I saw a reference in the forums to an SSL tab in IspConfig, but I can't locate it. The reason is I've been getting Server Certificate Expired errors in Thunderbird, and I suspect it's because the certificate expiration was January, 2008, so I probably just need to reset the date.
Very service has its own cert. For the webinterface, take a look here: http://www.howtoforge.com/forums/showpost.php?p=358&postcount=4 For SMTP, take a look at the perfect setup guide for your linux distribution.
I ran this code from the first link: http://www.howtoforge.com/forums/showpost.php?p=358&postcount=4 and got nothing but errors. Can someone who has done this successfully write noob instructions? I just need to change the date on the certificate.
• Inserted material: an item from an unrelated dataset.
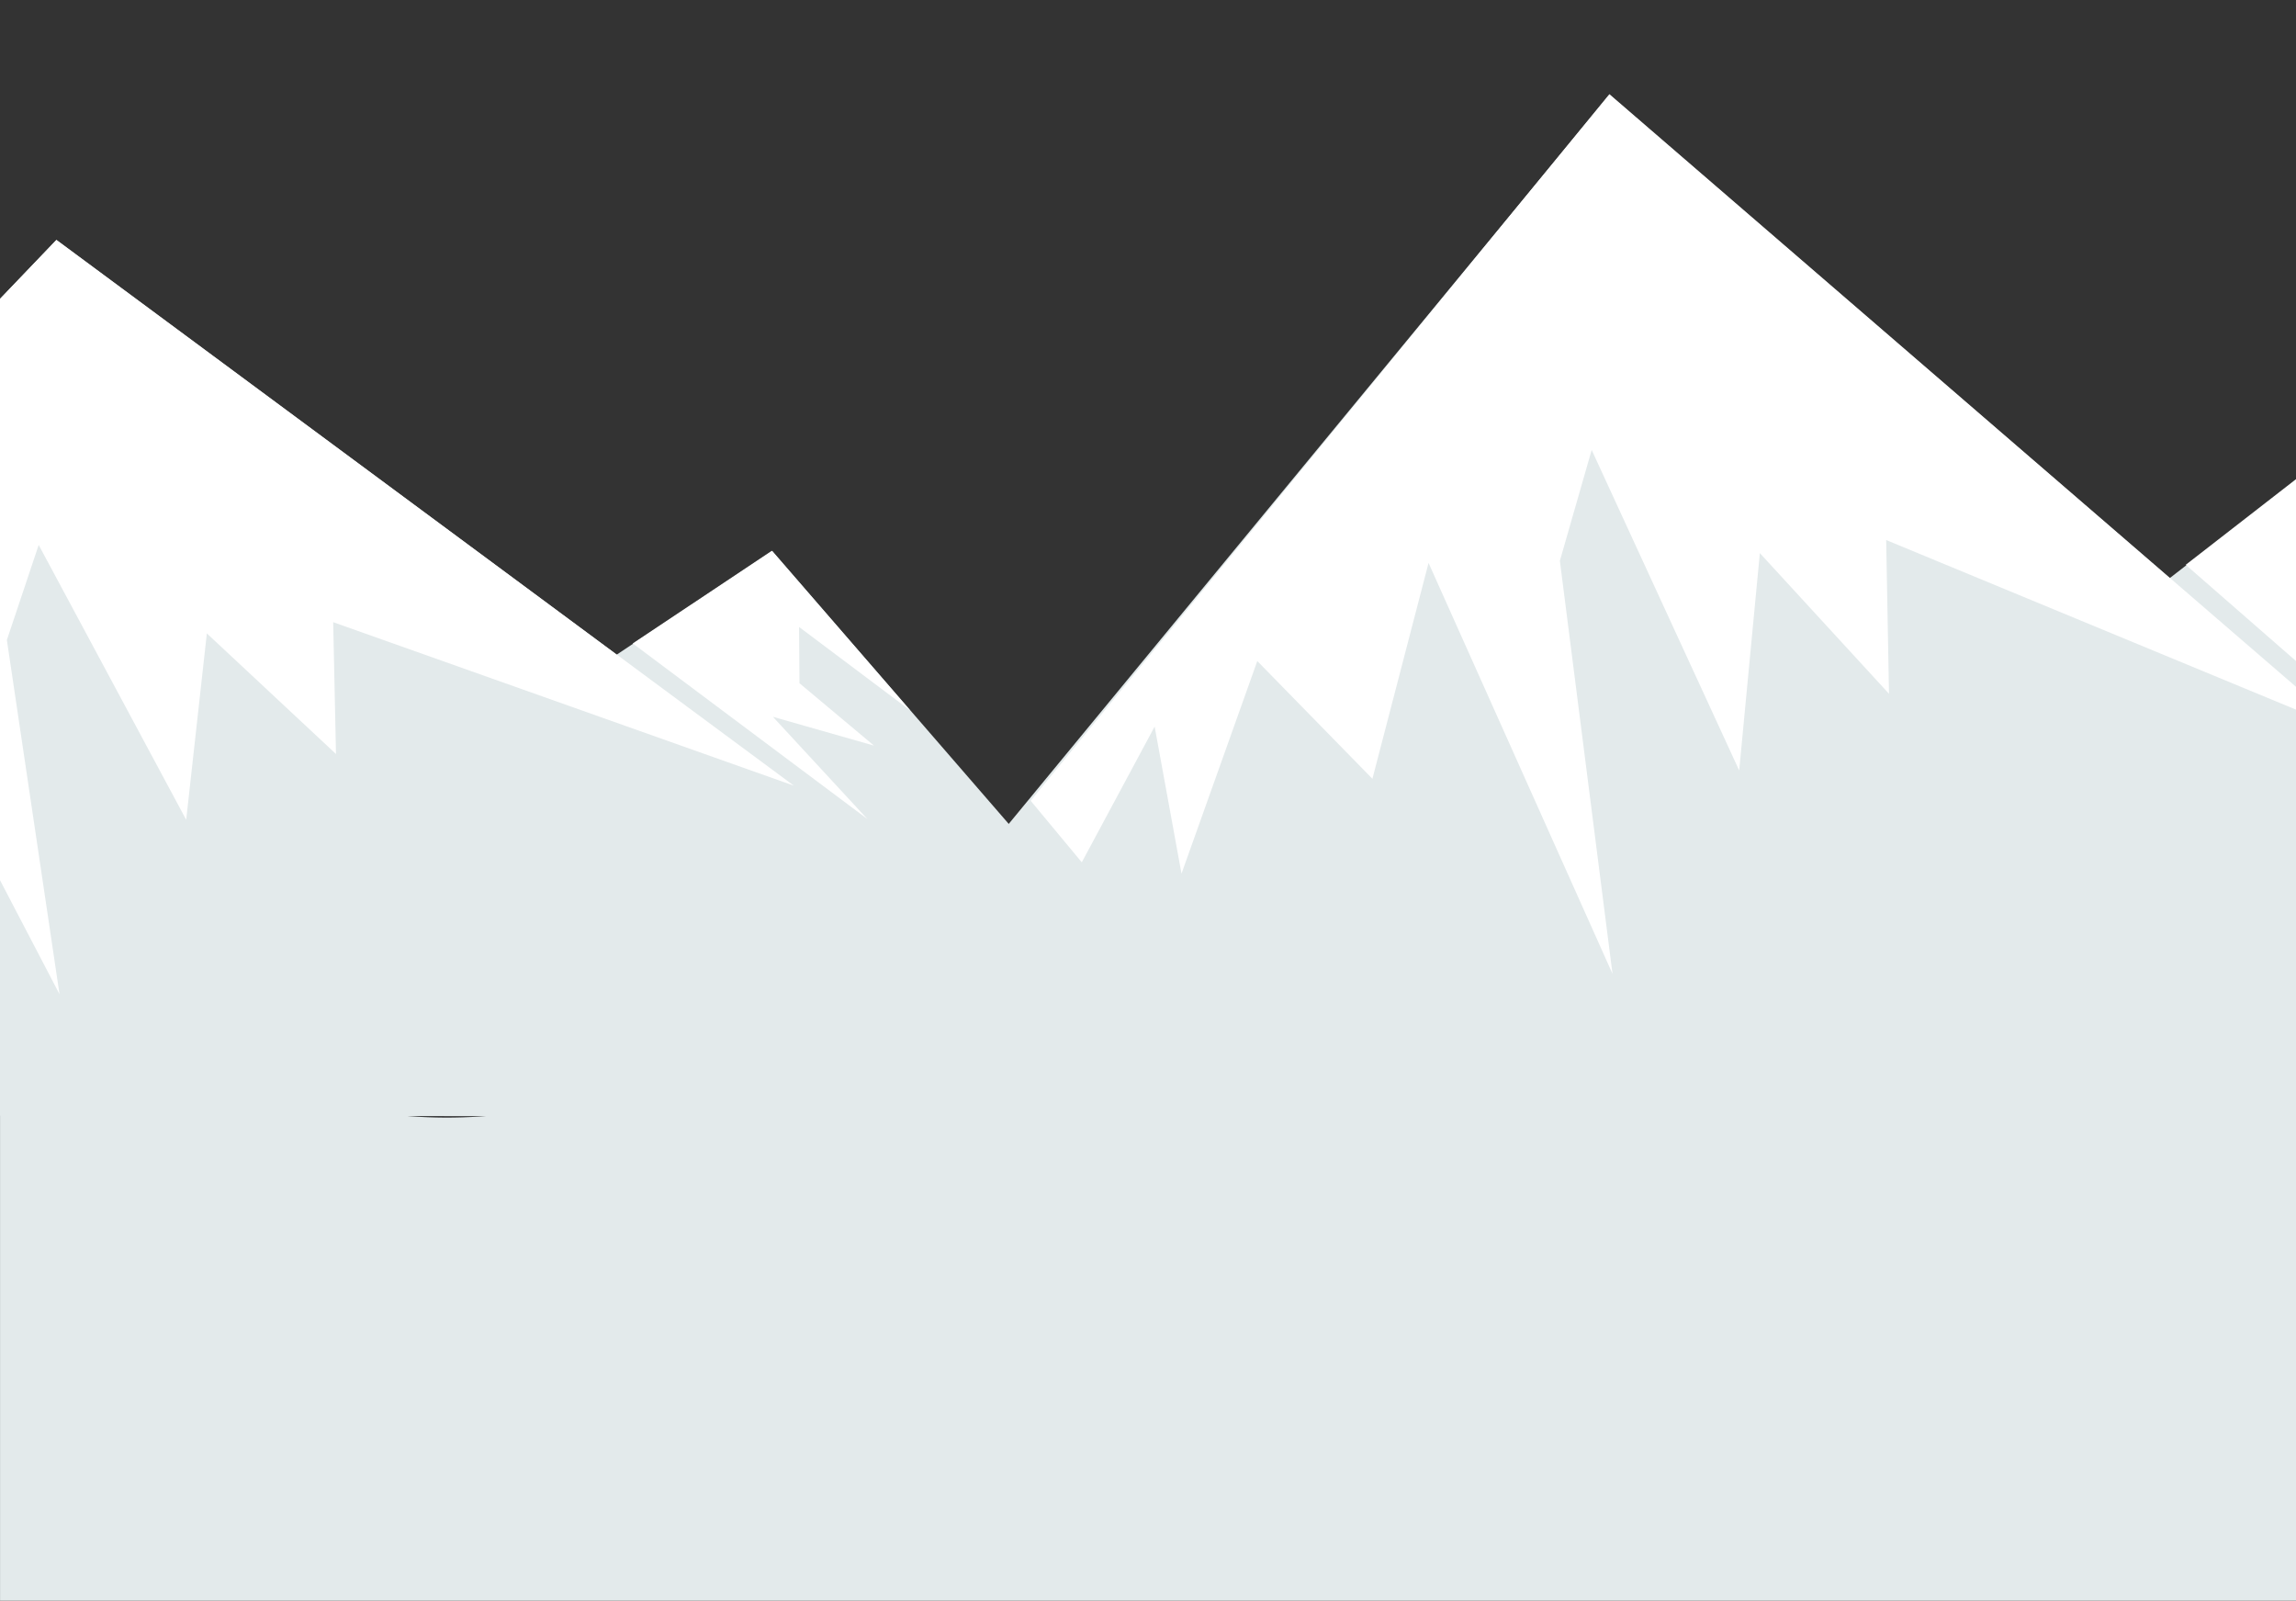 <svg viewBox="0 0 1977 1378" xmlns="http://www.w3.org/2000/svg" fill-rule="evenodd" clip-rule="evenodd" stroke-linejoin="round" stroke-miterlimit="2"><rect x="0" y="0" width="1977" height="1378" fill="#333333" stroke="none"/><clipPath id="a"><path d="M0 0h1977v1378H0z"/></clipPath><g clip-path="url(#a)"><path d="M1998.02 899.919l-20.7 874.789H.04V767.199c62.995 60.752 128.693 119.752 207.026 155.969 73.574 34.027 156.422 46.268 236.259 34.914 242.31-34.458 427.806-273.014 671.985-287.607 131.88-7.883 258.68 52.304 371.24 123.857 112.56 71.547 222.72 13.886 345.36 64.682 47.34 19.605 114.91 35.593 166.11 40.905z" fill="#e3eaeb" fill-rule="nonzero"/><path d="M53.769 325.317L15.508 460.663H92.03L53.77 325.317h-.001z" fill="#68abdd" fill-rule="nonzero"/><path d="M2200.98 961.643l-1538.789-1.818 723.607-878.263 482.41 416.232 134-104.061L2200.98 661.19v300.453z" fill="#e3eaeb"/><path d="M1385.798 81.071L2020.81 629.08l-396.688-164.144 2.42 132.35-111.203-121.088-17.78 187.142-127.018-275.958-27.393 95.456 45.332 355.587-158.395-353.78-48.347 185.852-99.118-101.374-65.269 183.032-23.124-126.627-62.734 116.857-44.026-52.985 498.33-608.329zm616.062 312.172l-119.793 93.026 201.999 176.254-81.321-102.596 87.028 28.922-64.167-62.655-.327-56.457 95.677 83.756-119.097-160.25z" fill="#fff"/><path d="M1087.242 961.643l-1516.872-1.54V704.43L48.567 206.71 530.98 563.642l134-89.237 422.263 487.237z" fill="#e3eaeb"/><path d="M48.567 206.483L683.582 676.42 286.894 535.664l2.419 113.495-111.202-103.84-17.781 160.487-127.017-236.65-27.396 81.86 45.336 304.932-158.398-303.383-48.347 159.375-99.114-86.934-65.273 156.962-23.125-108.588-62.733 100.208-23.893-24.658v-41.854L48.567 206.483zM664.636 474.18L544.84 553.961l201.999 151.143-81.322-87.983 87.029 24.801-64.167-53.728-.327-48.415 95.677 71.825-119.092-137.426z" fill="#fff"/></g></svg>

Don't know if I am stating the obvious, I assume that you replaced "yourpassword" with your password And when I did the initial installation I also change the 365 to 3650 to last 10 years instead of 1
By noob instructions I mean instructions where nothing is assumed, which I know is difficult for many of you guys. Replacing "yourpassword" is not obvious because part of the script might replace it for you. Should it be a password created for the certificate, the ISPConfig password, or the server root password? I'm also unsure about the line breaks in the commands. Access was denied for some commands--do the files have to be chmod'd for write permission or should all the old certificate files just be deleted? Really, I just need step-by-step instructions by someone who has done it successfully, and I doubt that I'm the only one.
You have to run the commands as root user. The commands are complete and they work even if you dont replace yourpassword with your own password, its just not very secure if you dont replace it. As a side node: If you tell us that something does not work and you do not post the error messages, nobody is able to help you.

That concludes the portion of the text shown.